In the summer of 2012, when he was in his final year at Cambridge University, Herman Narula joined a queue of computer science students waiting to attend a session on computer graphics. Standing next to him was a student he hadn’t met before, Robert Whitehead. As they started talking they realised they had a shared interest in virtual worlds.
Both had grown up playing games and were used to the idea of commerce in the virtual realm. Whitehead had paid his tuition fees by selling digital goods in the virtual marketplace, Second Life, while Narula had started a bank in the online role-playing game Neverwinter Nights – with less commercial success. “Retrieving a mortgage is really quite challenging when the person who hasn’t paid the loan is a wizard,” he recalls.
That conversation turned into a plan to build a better kind of virtual world, one in which thousands of people could attend events, interacting with the environment and one another in real time. “We estimated it would take about six to nine months”, Narula, 33, told me, speaking over Zoom from France, but concedes that “we were a little bit off on our estimate”: it would eventually take a decade, and a team of almost 1,000 people, to build the technology they envisaged. During that time the company they established, Improbable Worlds, would come to be valued by some investors at up to $2bn.
In recent months, the idea that the websites and social networks we use today will be replaced by a “metaverse” of immersive virtual worlds has become Big Tech’s biggest goal. Mark Zuckerberg is so committed to the idea that he renamed Facebook to Meta; executives at Disney, Microsoft and Tencent have all outlined their plans for persistent virtual worlds. Nick Clegg, the vice-president of global affairs and communications at Meta, says it will take Facebook 10 years to build its metaverse, but Improbable has been “building the plumbing of the metaverse”, as Narula describes it, for 10 years, using its distributed computing technology to bring up to 14,000 people together into a single virtual space.

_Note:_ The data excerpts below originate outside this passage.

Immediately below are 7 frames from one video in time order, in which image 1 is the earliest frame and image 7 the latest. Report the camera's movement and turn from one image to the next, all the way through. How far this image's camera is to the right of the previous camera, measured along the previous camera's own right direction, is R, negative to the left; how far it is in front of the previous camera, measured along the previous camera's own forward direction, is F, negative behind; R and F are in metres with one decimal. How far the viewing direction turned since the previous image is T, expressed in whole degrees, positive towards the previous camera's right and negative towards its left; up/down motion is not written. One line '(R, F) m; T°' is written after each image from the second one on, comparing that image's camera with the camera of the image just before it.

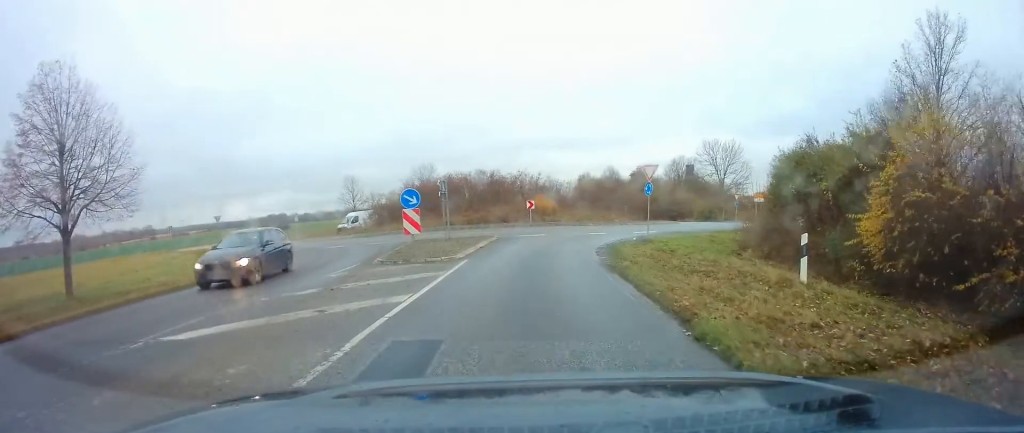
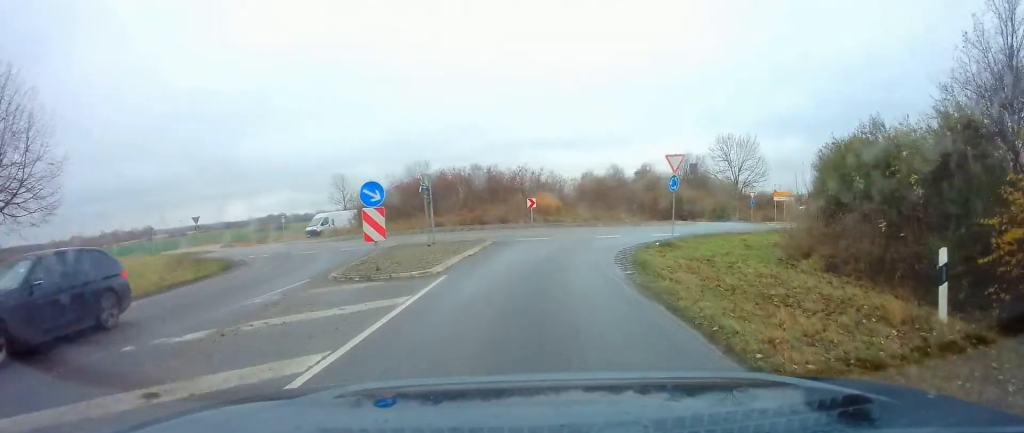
(-0.1, +4.1) m; +1°
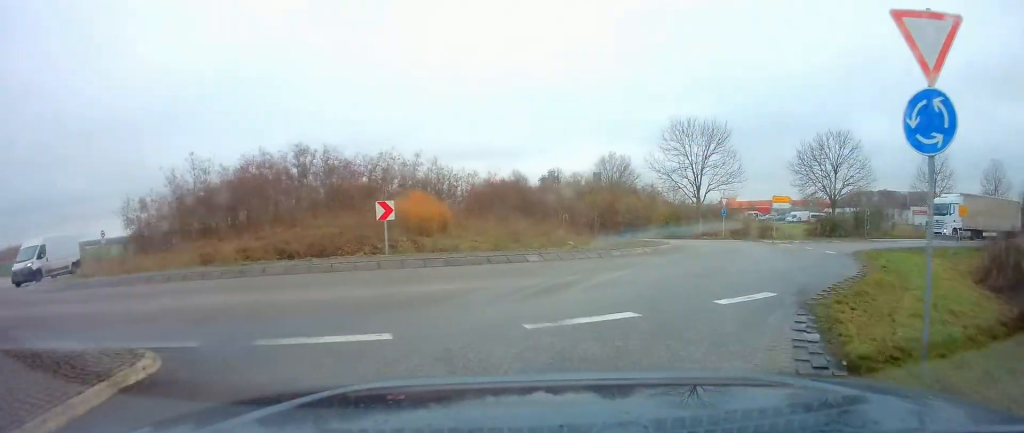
(+1.4, +16.0) m; +16°
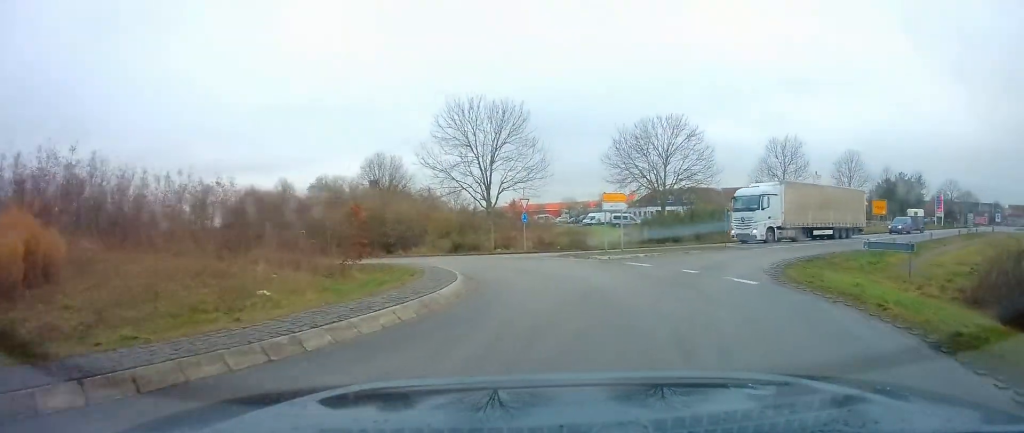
(+1.6, +9.4) m; +13°
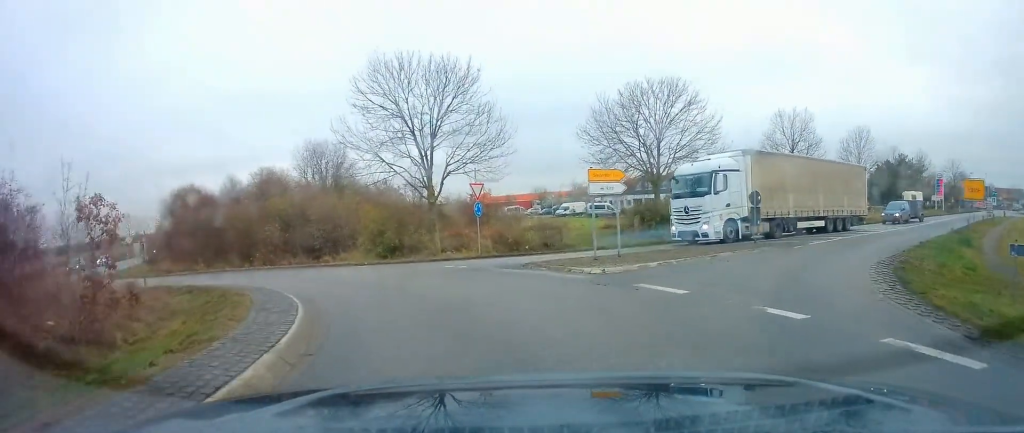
(+0.1, +8.3) m; -3°
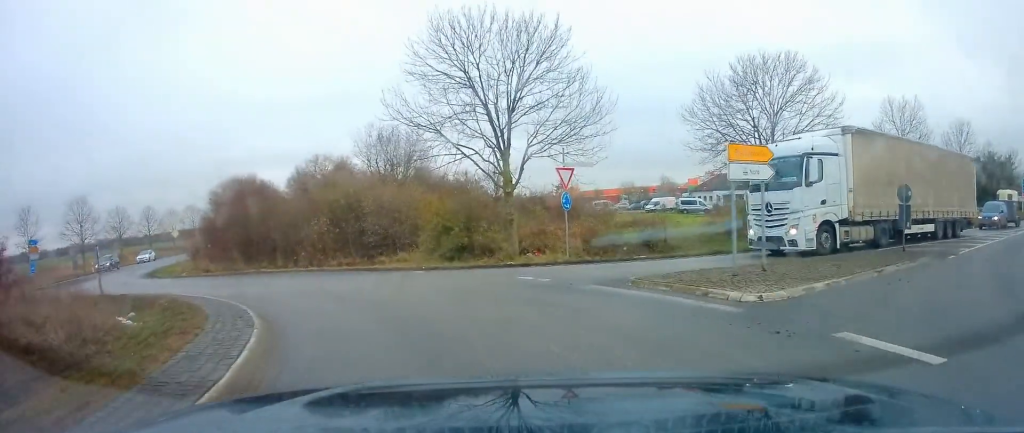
(-0.2, +5.0) m; -9°
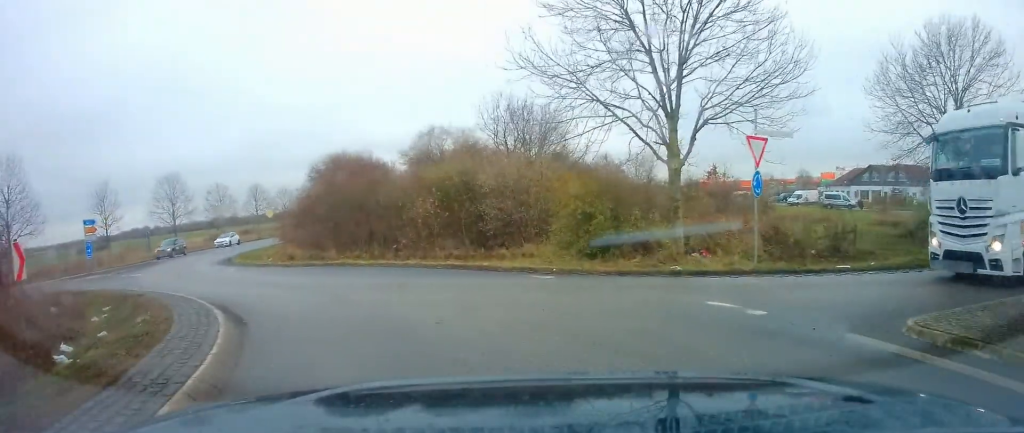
(+0.1, +5.4) m; -12°

The massive simulations Improbable builds are not only for gaming or entertainment; its most profitable work so far has been for the British government. By “modelling a whole country” – from power and communications networks and traffic down to the movements of individual people and their behaviour – Improbable’s technology is in “operational and active use today” in areas that include procurement, planning and national security.
For Zuckerberg, the metaverse is something people will experience through a virtual reality (VR) headset, but for Narula it’s not about the display technology: “I don’t think VR is that important for the metaverse”, he says, pointing out that a dull meeting in VR, even with some fun animations, is still a dull meeting. “The real goal of the metaverse should not be immersion for immersion’s sake”, he says, but “presence” – a sense of real agency and engagement. “Presence is when you feel like your actions matter in the world.”

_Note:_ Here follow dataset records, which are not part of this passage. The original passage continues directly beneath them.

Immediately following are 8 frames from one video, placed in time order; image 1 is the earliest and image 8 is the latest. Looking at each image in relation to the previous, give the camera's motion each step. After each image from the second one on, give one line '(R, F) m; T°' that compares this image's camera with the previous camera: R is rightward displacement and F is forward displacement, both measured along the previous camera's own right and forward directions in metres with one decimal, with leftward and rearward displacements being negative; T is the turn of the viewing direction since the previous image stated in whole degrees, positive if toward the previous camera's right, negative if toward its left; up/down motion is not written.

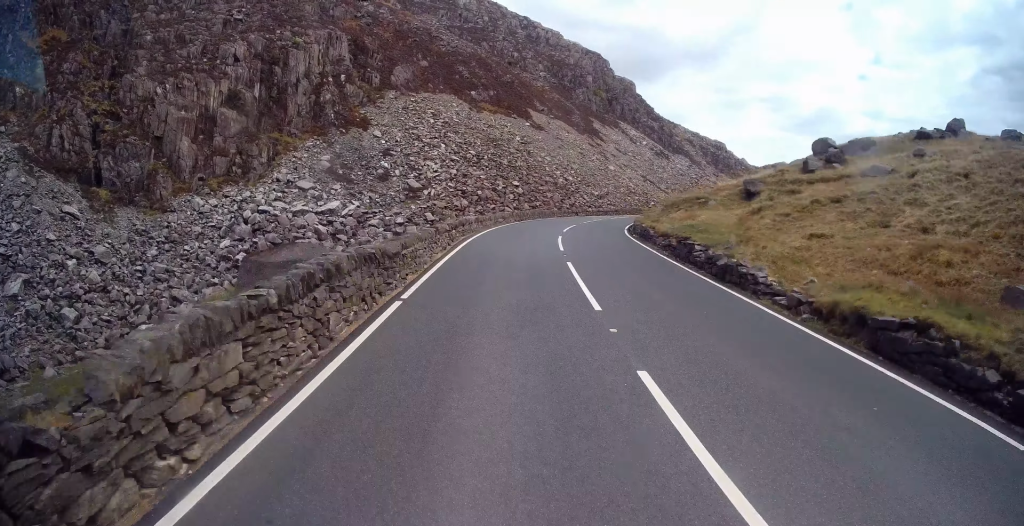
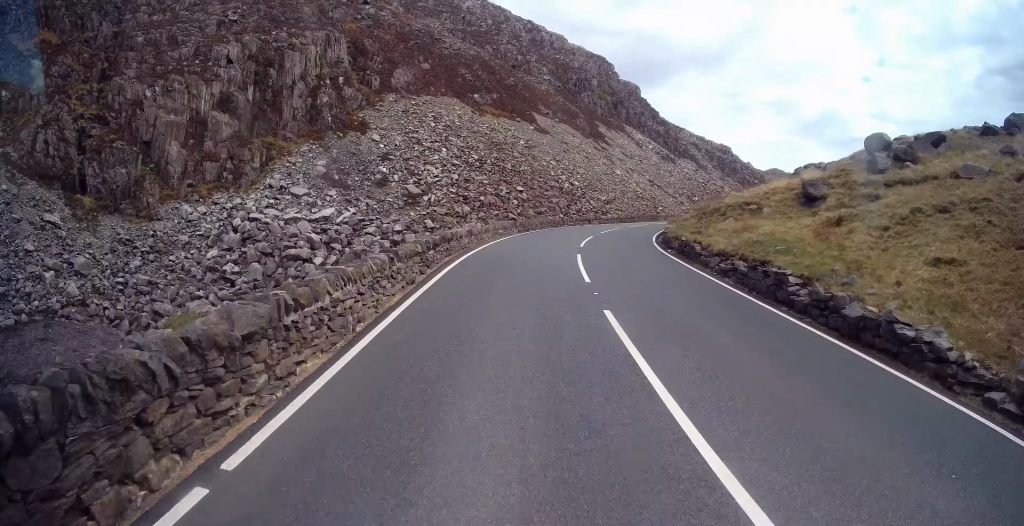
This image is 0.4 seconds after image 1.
(-0.1, +5.9) m; 0°
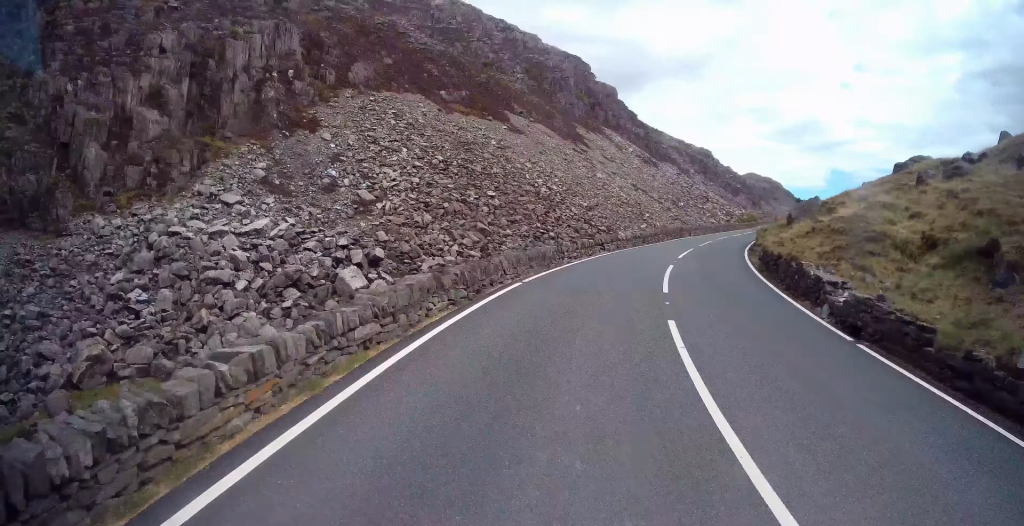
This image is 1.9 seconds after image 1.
(+0.3, +18.9) m; +4°
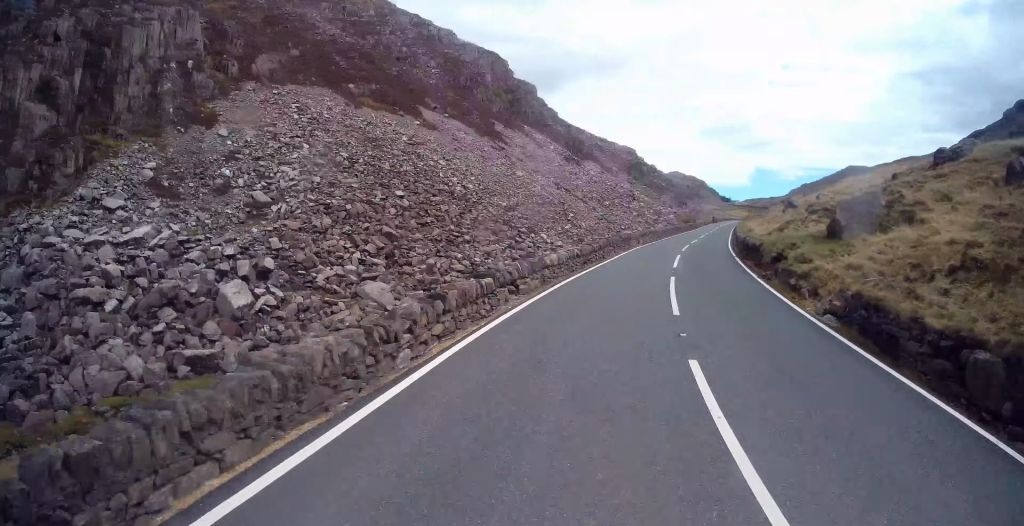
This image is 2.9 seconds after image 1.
(+0.5, +12.0) m; +5°
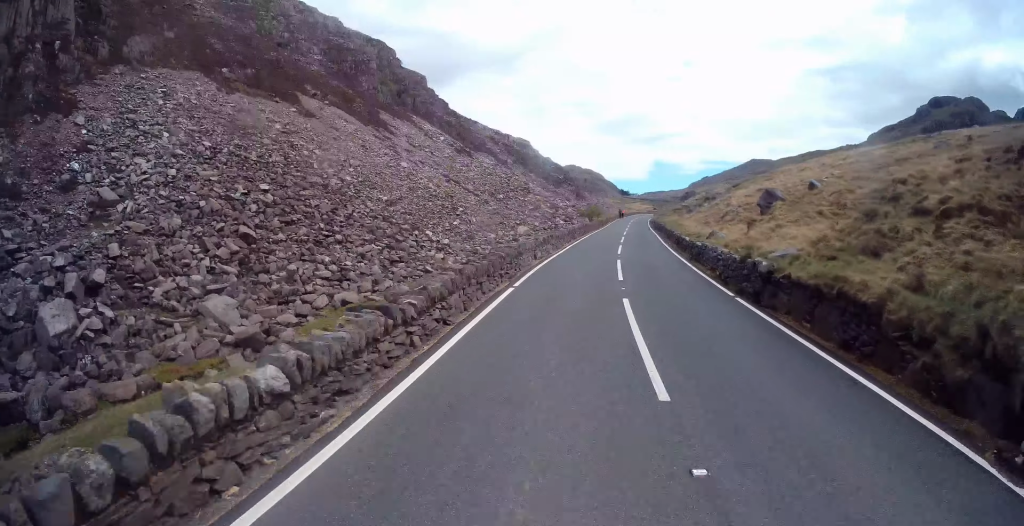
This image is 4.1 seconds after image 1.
(+0.8, +14.1) m; +10°
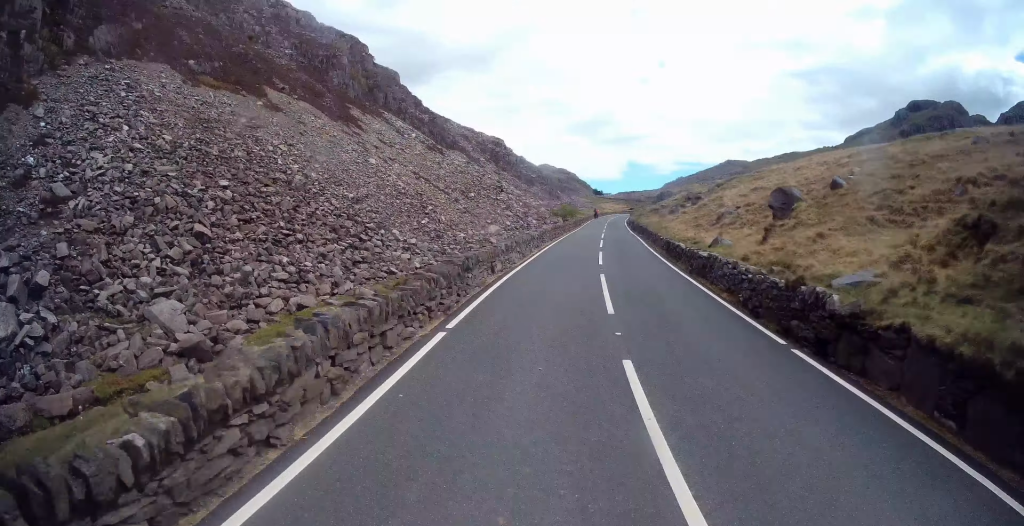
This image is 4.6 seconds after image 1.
(+0.5, +4.7) m; +4°
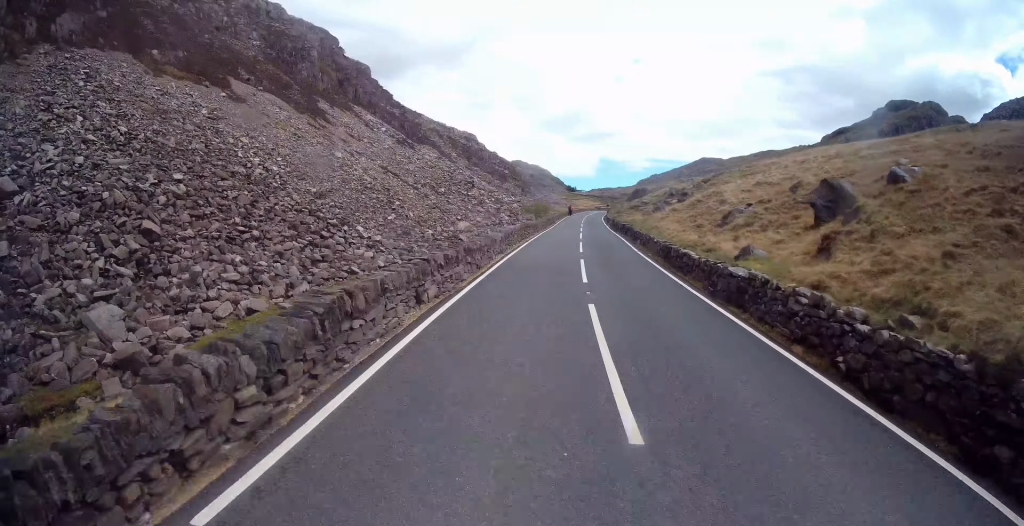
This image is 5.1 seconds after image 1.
(+0.2, +5.4) m; +4°
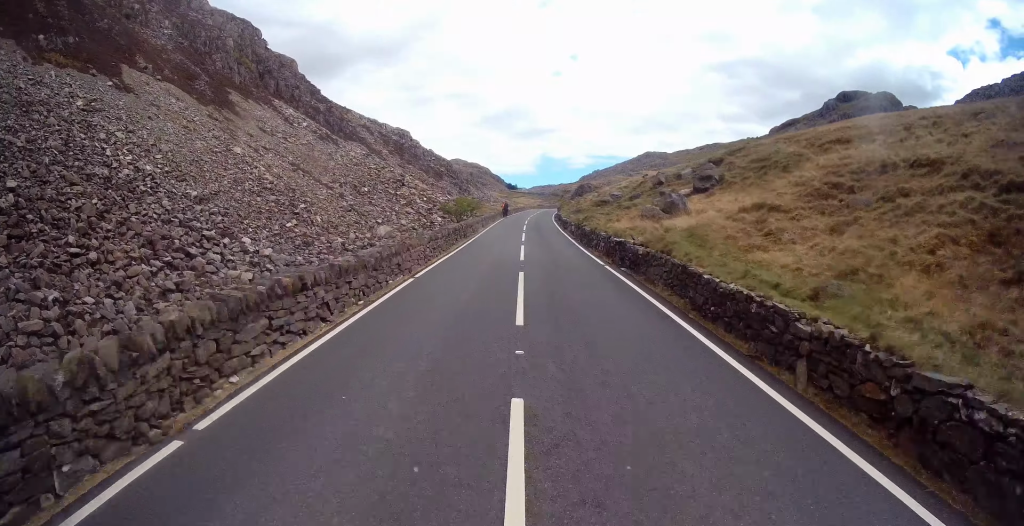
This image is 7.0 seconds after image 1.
(+1.3, +21.8) m; +4°

Do people really need to spend more time in digital environments, however present they feel? “The danger is not the convergence of the digital and the virtual world”, he responds. “The danger is in the continued refusal to address the elephant in the room: unelected, non-democratic, globe-spanning digital empires, housing our data, making policy choices about how you and I live our lives, and taking an indefensible tax on every transaction… Our problems with Facebook are not problems with technology. They’re just problems with Facebook. ”
It is exceptionally rare to hear anyone in the technology industry speak with real anger about the behemoths by whom they might one day hope to be hired or acquired. But Narula clearly has no such ambitions: he wants Facebook’s metaverse to fail. “We need to categorically prevent those companies from being the people that own and run anything that even looks like a metaverse.”
When I first spoke to Narula in 2017, he told me that a persistent virtual world with enough people – millions of inhabitants, playing, working, interacting and being entertained – would cease to become a game and become something more like a country. Such a country, he says, must be democratic, and not governed by the incentives of the current internet.
As an example, he cites Wikipedia, which has, with 550 staff and revenues of less than $150m, compiled a six-million-page English encyclopaedia in which misinformation is removed by common agreement, to Facebook, which (with more than 50,000 employees and revenues over $85bn) fails to remove 95 per cent of the hate speech posted on the platform. This is down to Facebook’s incentives, he says: “If Facebook deletes inaccurate information, they lose data for their algorithms to crawl in order to get better at understanding how we operate”.
It is not that social media shows us the ugly truth about human nature, he says, “any more than a crush at a riot is exposing something about human nature. It’s just a context, in which people are behaving the wrong way”.
His rejection of the way in which the attention economy has shaped the modern internet is not, he says, only a concern for his business but for the space in which people fulfil the essential human need for abstraction. From pyramids to cathedrals to football matches, history is the story of “so much energy, money, time and blood” spent “on so many activities that involve thinking of a world beyond”, he says. “I don’t look at the metaverse as some new thing we’re doing. We’re just building another cathedral.”